To prevent injury and get the most out of each exercise session, follow these safety tips:

  • Start every workout with a warm-up to raise your heart rate and prepare your muscles and joints for what’s ahead.
  • Monitor your intensity. If you can talk comfortably, you’re doing great. If you can’t catch your breath, slow down your pace to lower the intensity.
  • As you work to increase your intensity, you can rate your “perceived exertion” to stay in a safe, but challenging, zone. Use the chart below to gauge where you are and where you want to be as you progress.
  • What’s safe?

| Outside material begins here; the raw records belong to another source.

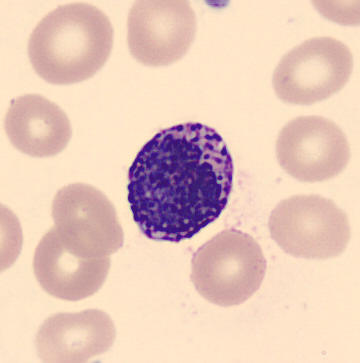
Acquisition: CellaVision DM96 digital cell image. Peripheral blood smear. Single-cell crop. The cell type is basophil.
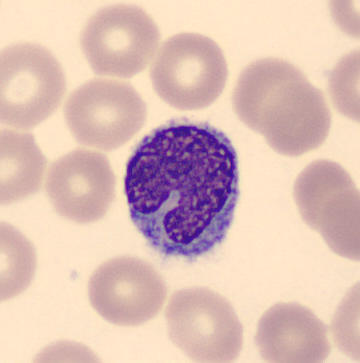Specimen: peripheral blood smear.
Cell: monocyte.
Lineage: myeloid.
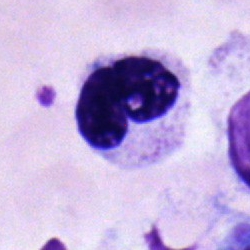
This is a stab cell.
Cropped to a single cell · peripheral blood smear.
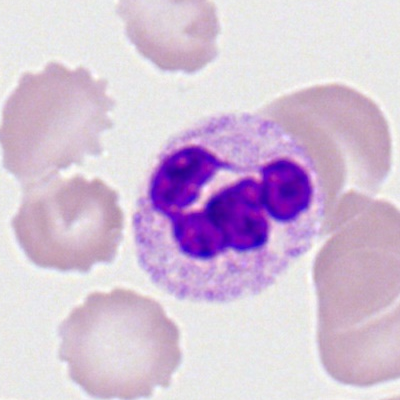 Q: What type of cell is this?
A: This is a segmented neutrophil.
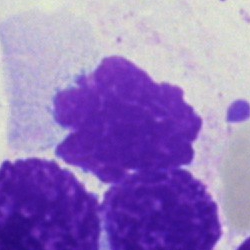Q: What is shown here?
A: Artifact.
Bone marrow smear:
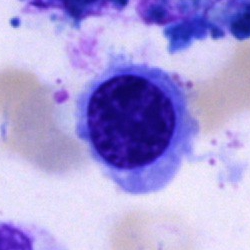Impression → erythroblast.
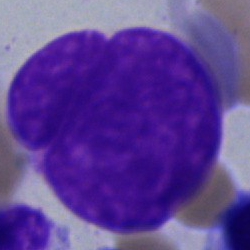
The cell is artefact.
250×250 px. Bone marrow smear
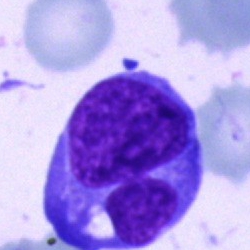 Cell: blast cell.
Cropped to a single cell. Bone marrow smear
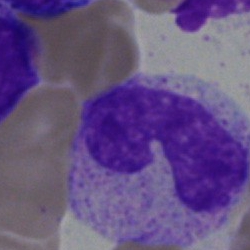Band neutrophil.
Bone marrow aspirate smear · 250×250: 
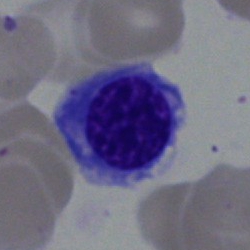 Morphological class: nucleated red cell.
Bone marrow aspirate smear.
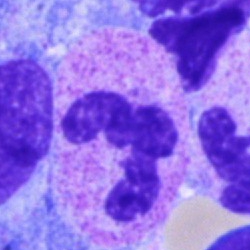 Classification: segmented neutrophil.
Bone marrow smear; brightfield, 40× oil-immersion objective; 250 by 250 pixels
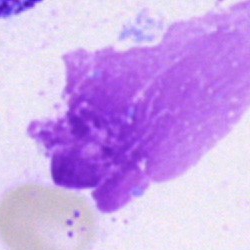
{"cell_type": "artefact"}
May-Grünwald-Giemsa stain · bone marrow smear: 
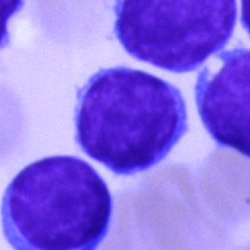

Morphological class — typical lymphocyte.
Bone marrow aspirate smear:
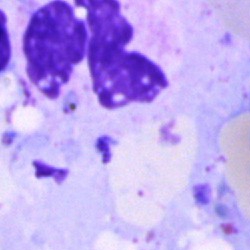Q: What type of cell is this?
A: It is a segmented neutrophil.
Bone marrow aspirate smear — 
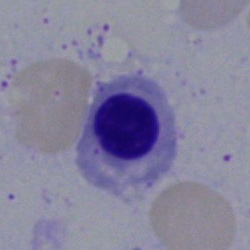
A nucleated red cell.
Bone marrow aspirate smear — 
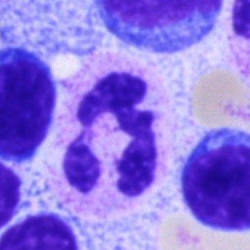Cell — segmented neutrophil.
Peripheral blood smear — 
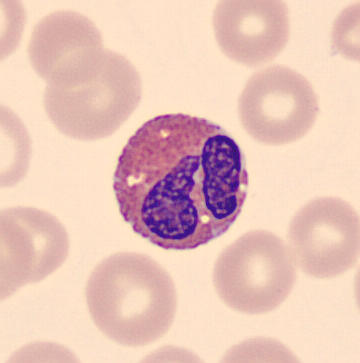 Identified as an eosinophil.
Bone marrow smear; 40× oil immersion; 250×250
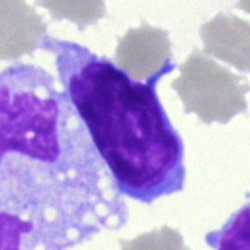
Cell — lymphocyte.
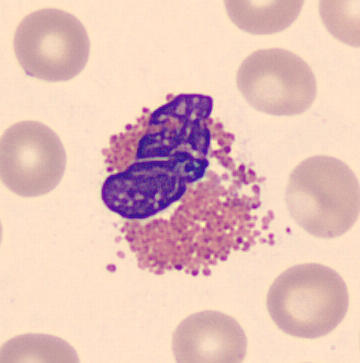Peripheral blood film · MGG-stained. {"cell_type": "eosinophilic granulocyte", "lineage": "myeloid"}
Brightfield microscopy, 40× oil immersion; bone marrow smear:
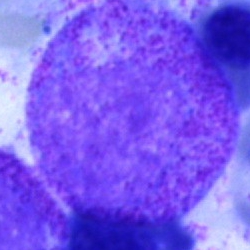

Classification = myelocyte.
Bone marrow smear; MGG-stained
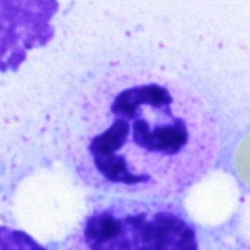Impression → polymorphonuclear neutrophil.
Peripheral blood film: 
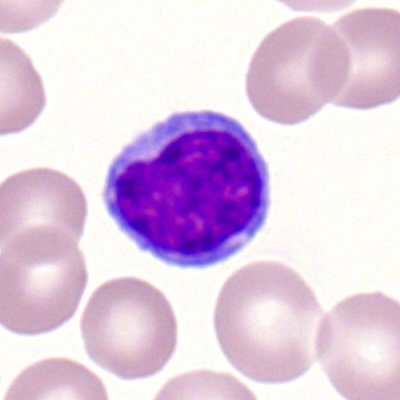 {"cell_type": "typical lymphocyte", "lineage": "lymphoid"}
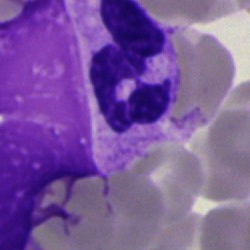 The cell is polymorphonuclear neutrophil.
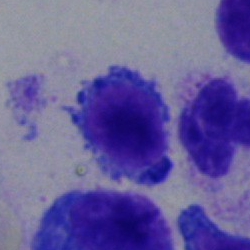
Q: What is shown here?
A: A typical lymphocyte.
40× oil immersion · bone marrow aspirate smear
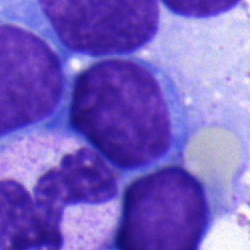

Impression — typical lymphocyte.
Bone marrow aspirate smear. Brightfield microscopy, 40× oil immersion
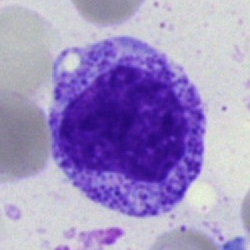

Showing a promyelocyte.
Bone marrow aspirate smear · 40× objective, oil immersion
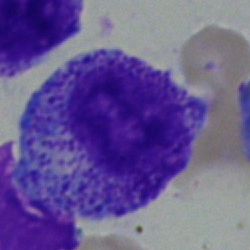
Morphology consistent with a myelocyte.
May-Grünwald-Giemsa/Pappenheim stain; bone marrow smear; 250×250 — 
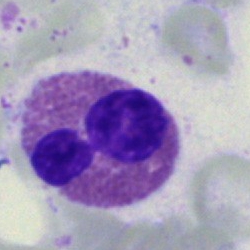
Morphology — eosinophilic granulocyte.
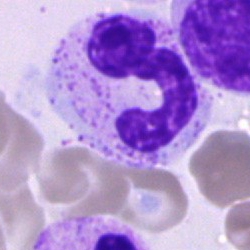 Specimen: bone marrow aspirate smear.
Morphological class: neutrophil (segmented).
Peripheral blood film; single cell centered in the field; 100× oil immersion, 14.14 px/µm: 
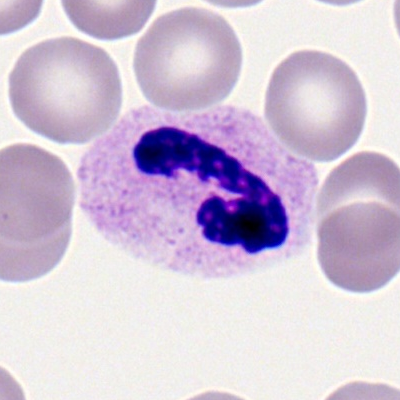Q: What is the morphological classification of this cell?
A: It is a neutrophil (segmented).
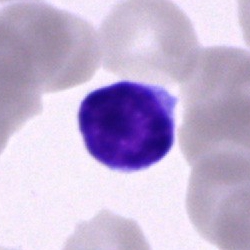This is a lymphocyte.
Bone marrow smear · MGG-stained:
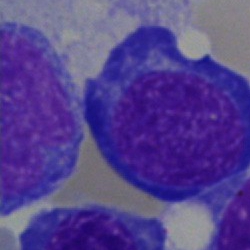Showing a nucleated red blood cell.
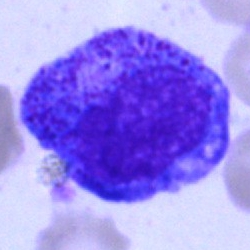

Bone marrow smear showing a progranulocyte.
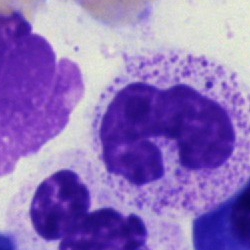 The cell is band neutrophil.
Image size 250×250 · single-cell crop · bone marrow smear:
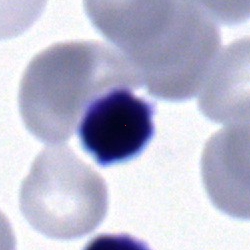Typical lymphocyte.
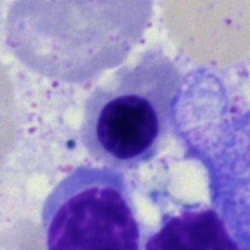
Specimen: bone marrow smear.
Morphological class: normoblast.
Lineage: erythroid.
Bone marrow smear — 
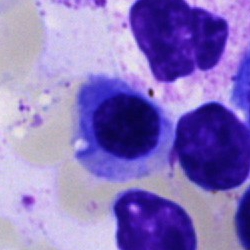Morphological class — erythroblast.
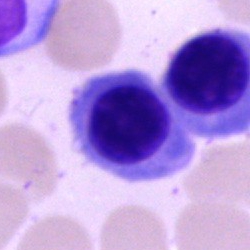Single cell identified as a normoblast.
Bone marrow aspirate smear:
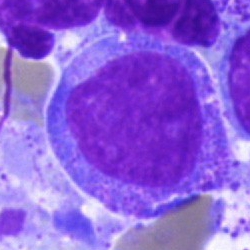

Q: Which cell type is shown here?
A: It is a blast.
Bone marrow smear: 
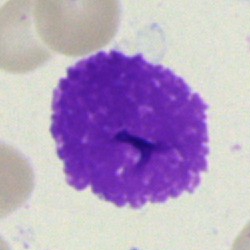

Impression — artifact.
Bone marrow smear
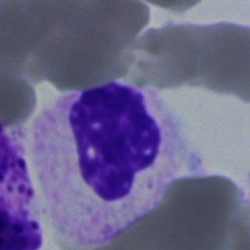 Specimen: bone marrow aspirate smear.
Classification: segmented neutrophil.
Lineage: myeloid.
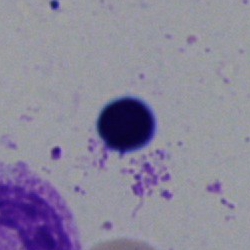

As a general rule, you might start out in the 3 to 4 range and progress to the 5 to 6 range. If you have health conditions, you’d want to stop at the 5 to 6 range, whereas people who are fit and healthy can push to the top of the scale.
  • Finish every workout with a cool-down and stretch.

Perceived Exertion Scale

RatingExertion Level
0.5 Extremely Light
1 Very Light
2 Light
3 Moderate
4 Moderately Hard
5-6 Hard
7-9 Very Hard
10 Extremely Hard

What are you waiting for? Pick a cardio activity (or two), plan it into your week, and get moving for a healthier, lighter you.